Getting your Trinity Audio player ready...
|
The European Union voted to put more sanctions on Russian oil but it exempts oil that is delivered through pipelines, which is one third of all oil. The sanctions only apply to oil delivered by sea but the EU says it will ramp up sanctions to cover 90% of all Russian-imported oil by the end of the year.
The EU says that they are doing this to cut off funding to Russia’s war efforts. But the Russian economy has not felt the economic pain of this squeeze. Europe has. Inflation in Germany is reaching a 50-year high. France and Spain, same story.
This messaging is off, right? The West is told that consumer prices will be higher because of sanctions that must be done to harm Russia. But it is not harming Russia. It is harming the West. What are we missing?
Not all EU member nations are happy about this new sanction plan. Hungary’s President Orban vowed to stay out of this conflict when he was re-elected and now says he may not join this sanction plan.
The E.U. also pledged 9 billion Euros in loans and grants to Ukraine.

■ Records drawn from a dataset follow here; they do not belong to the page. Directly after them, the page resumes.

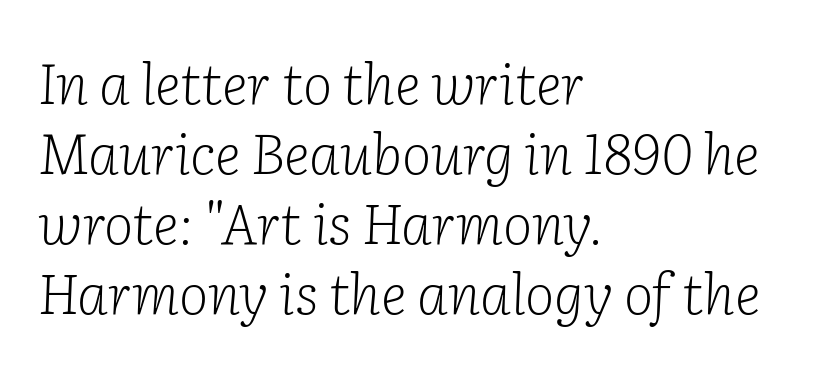
Q: Is the text bold? A: No.
Q: Is the text italic (slanted)? A: Yes, it leans right by about 2 degrees.
Q: Is the typeface a serif or a sans-serif typeface? A: Serif.
Q: Is the text underlined? A: No.
Q: How is the paragraph aligned? A: Left-aligned.
Q: Is the spacing between letters normal or unusually wide? A: Normal.
Q: Is the spacing between lines tight, normal or loose? A: Normal.
Q: Width (condensed, normal, or wide)? A: Normal.
Q: Stroke contrast? A: Low.
Q: x-height? A: Medium.
Q: Monospaced? A: No.

Meanwhile, President Biden said on Monday that the U.S. is not planning to send long-range missiles to Ukraine, which would give them the ability to attack Russia. Russia’s Security Council approved of that plan with a veiled threat of what would happen if the U.S. did do that.
Dmitry Medvedev said: “If our cities come under attack, the Russian armed forces would fulfill (their) threat and strike the centers where such criminal decisions are made. Some of them aren’t in Kyiv.”